(Beginning of Source material)

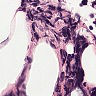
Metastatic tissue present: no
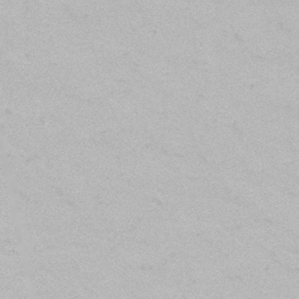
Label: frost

(End of Source material)
(Beginning of Source material)

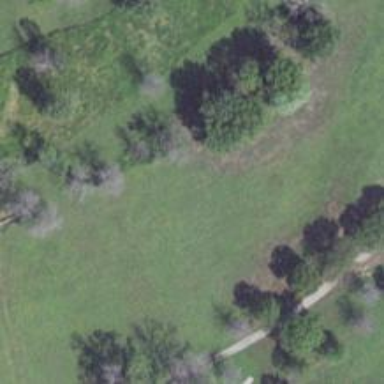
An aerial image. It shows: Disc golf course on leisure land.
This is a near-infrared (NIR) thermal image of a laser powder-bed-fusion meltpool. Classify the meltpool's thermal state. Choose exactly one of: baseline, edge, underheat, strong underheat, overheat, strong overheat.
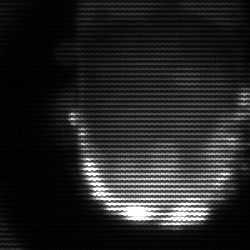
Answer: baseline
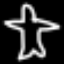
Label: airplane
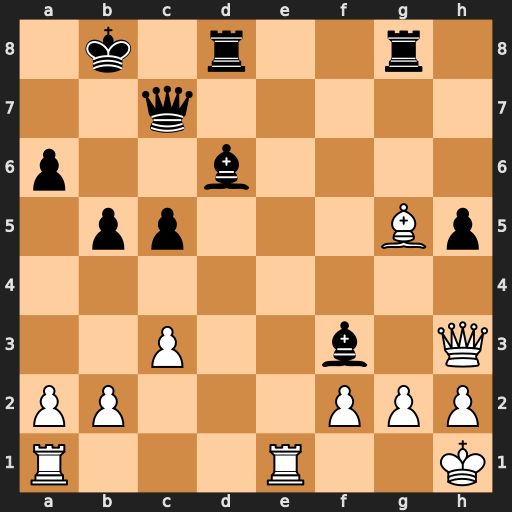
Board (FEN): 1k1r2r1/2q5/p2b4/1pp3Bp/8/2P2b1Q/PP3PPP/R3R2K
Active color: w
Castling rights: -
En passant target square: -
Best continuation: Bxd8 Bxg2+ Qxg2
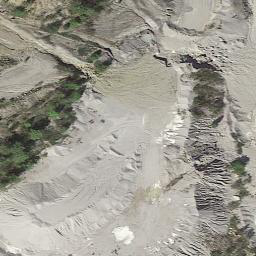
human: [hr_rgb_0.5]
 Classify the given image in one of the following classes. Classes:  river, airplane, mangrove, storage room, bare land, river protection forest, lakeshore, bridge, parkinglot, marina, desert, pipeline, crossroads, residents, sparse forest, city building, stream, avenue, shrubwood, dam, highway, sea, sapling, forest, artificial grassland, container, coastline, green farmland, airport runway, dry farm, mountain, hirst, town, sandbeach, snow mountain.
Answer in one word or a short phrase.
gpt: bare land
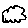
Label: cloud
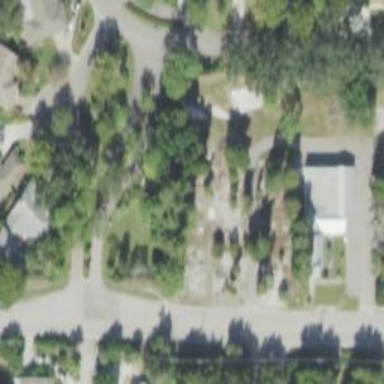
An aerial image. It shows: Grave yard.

(End of Source material)
(Beginning of Source material)

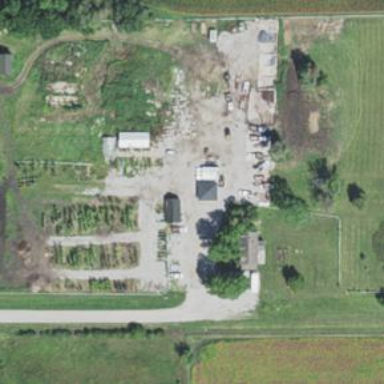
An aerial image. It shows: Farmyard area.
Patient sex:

(End of Source material)

# Problem statement:
Go to the line above holding "An aerial image. It shows: Disc", then copy exactly each line down to and including the one holding "human: [hr_rgb_0.5]", leaving pictures out.

# Completed exercise:
An aerial image. It shows: Disc golf course on leisure land.
This is a near-infrared (NIR) thermal image of a laser powder-bed-fusion meltpool. Classify the meltpool's thermal state. Choose exactly one of: baseline, edge, underheat, strong underheat, overheat, strong overheat.
Answer: baseline
Label: airplane
Board (FEN): 1k1r2r1/2q5/p2b4/1pp3Bp/8/2P2b1Q/PP3PPP/R3R2K
Active color: w
Castling rights: -
En passant target square: -
Best continuation: Bxd8 Bxg2+ Qxg2
human: [hr_rgb_0.5]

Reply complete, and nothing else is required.